Osamu Tezuka is best known in North America as the creator of Astro Boy. Among general animation fans, he's also known for creating Kimba the White Lion, which is widely believed to have been a major influence on (or ripped off by, depending on how you look at it) Disney's The Lion King. (This lead to a great gag in the Simpsons episode Round Springfield, in which Bleeding Gums Murphy dies. He appears to Lisa in a cloud, and is joined by other characters voiced by James Earl Jones, including Mustafa from The Lion King, who says, "You must avenge my death, Kimba... I mean, Simba.")

Fans of Japanese animation and comics (anime and manga) know Tezuka as the father of manga. Influenced by early US animation (including Disney), Tezuka almost single-handedly created the Japanese animation and comics genres.

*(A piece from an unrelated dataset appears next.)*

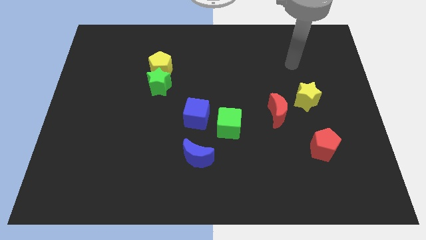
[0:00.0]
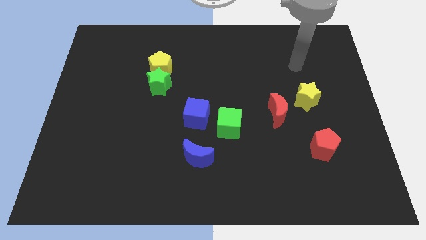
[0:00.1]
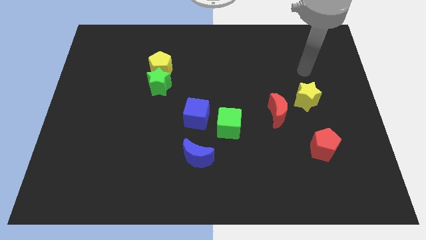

Tezuka's Buddha starts with the birth of Prince Siddartha Gautama -- the man who would become the first Buddha -- and follows him through his entire life, from his growing up as a sickly but pampered prince, to the shock he received the first time he witnessed sickness and death, his departure to become an ascetic monk, his rejection of ascetism and his enlightenment, his teaching as the Buddha, and his death at the age of eighty.

The subject matter is pretty profound (the nature of human suffering, etc -- not exactly Saturday Morning Cartoon stuff!). Odd as it already seems that someone would write a comic book about it, it's even odder that that someone would be Tezuka. Tezuka's style (especially in his works known in North America) is very cartoony. Not to mention that 3000 pages of deep Buddhist sermonizing would get pretty tedious!

Tezuka, though, is a master of his craft. He tells the stories though an incredibly deft mixture of storytelling ranging from cartoonish slapstick to the profound. Scott McCloud, in his wonderful book Understanding Comics, uses several examples from Buddha to demonstrate some characteristically Japanese forms of graphic story telling.

Tezuka tells the stories not only of Buddha but of those who surround him: Tatta the theif, his first disciple; Ananda the murderer, whom he redeemed; Devadatta, the monk who wanted to follow Buddha as leader of the sect, who eventually tried to murder Buddha; and so on. Some of the characters (such as, I think, Tatta) are Tezuka's invention, but many are from the established Buddhist traditions. Tezuka also spends a lot of time on the political situation in India during Buddha's lifetime, as this affected Buddha strongly. His own people, the Shakya, were conquered by a neighbouring king after he left on his quest for enlightenment.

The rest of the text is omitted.